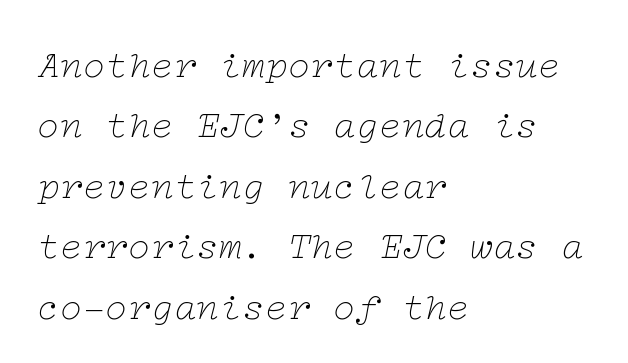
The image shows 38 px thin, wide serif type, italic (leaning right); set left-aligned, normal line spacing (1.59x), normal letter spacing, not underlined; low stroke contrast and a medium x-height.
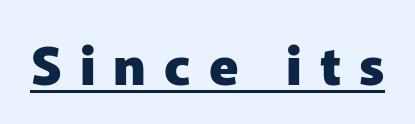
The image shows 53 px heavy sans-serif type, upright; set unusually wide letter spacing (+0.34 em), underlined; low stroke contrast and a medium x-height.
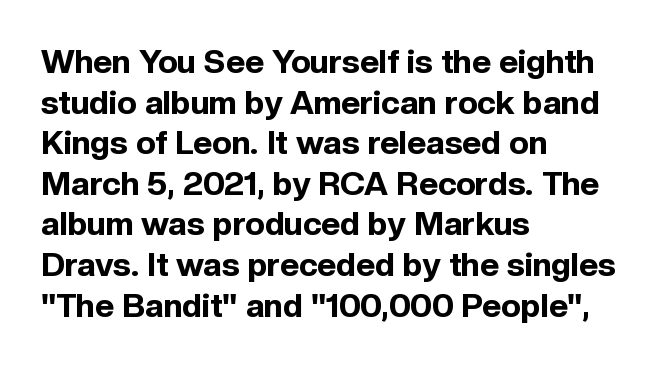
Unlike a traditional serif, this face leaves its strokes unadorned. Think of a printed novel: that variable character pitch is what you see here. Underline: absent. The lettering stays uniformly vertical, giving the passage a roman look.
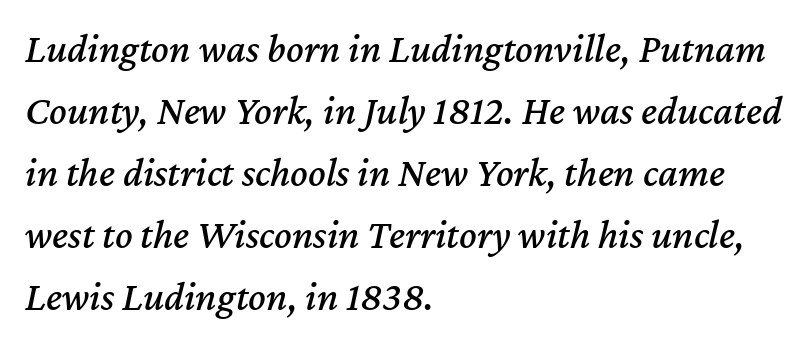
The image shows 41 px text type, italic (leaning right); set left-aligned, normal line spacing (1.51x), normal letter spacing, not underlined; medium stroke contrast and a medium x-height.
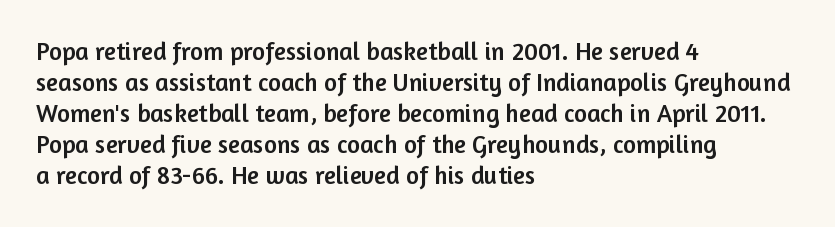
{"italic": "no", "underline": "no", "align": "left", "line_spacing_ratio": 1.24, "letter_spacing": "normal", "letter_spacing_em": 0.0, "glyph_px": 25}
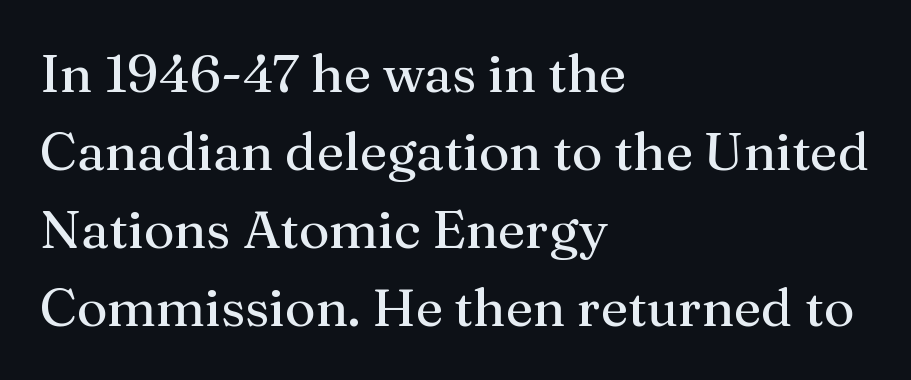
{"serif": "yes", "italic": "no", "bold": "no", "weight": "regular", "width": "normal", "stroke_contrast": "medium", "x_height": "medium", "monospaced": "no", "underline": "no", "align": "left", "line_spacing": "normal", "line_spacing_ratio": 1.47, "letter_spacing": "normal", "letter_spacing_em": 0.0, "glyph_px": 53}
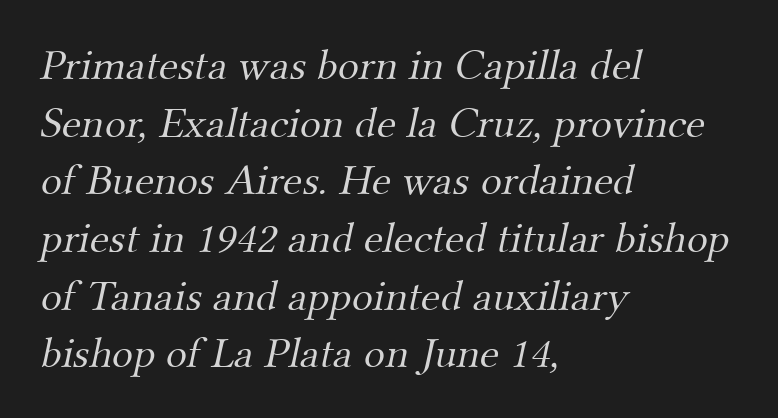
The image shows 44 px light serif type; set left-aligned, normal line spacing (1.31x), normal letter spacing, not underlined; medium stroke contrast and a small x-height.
───
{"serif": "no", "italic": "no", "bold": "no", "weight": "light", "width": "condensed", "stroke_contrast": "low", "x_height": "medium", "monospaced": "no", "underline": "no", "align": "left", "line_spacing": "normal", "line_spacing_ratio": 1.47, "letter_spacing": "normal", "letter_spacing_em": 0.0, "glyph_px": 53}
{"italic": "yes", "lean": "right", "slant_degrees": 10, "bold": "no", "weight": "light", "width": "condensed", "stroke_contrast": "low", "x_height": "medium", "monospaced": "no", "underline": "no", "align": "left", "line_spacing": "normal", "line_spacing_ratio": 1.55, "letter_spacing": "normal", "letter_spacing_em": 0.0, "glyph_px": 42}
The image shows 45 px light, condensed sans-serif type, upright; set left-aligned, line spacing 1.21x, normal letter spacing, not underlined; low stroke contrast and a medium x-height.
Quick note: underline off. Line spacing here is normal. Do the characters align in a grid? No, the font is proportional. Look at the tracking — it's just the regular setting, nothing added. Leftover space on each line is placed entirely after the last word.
───
Identify the lines above that contain the word "here", then copy them.

Unlike a traditional serif, this face leaves its strokes unadorned. Think of a printed novel: that variable character pitch is what you see here. Underline: absent. The lettering stays uniformly vertical, giving the passage a roman look.
Quick note: underline off. Line spacing here is normal. Do the characters align in a grid? No, the font is proportional. Look at the tracking — it's just the regular setting, nothing added. Leftover space on each line is placed entirely after the last word.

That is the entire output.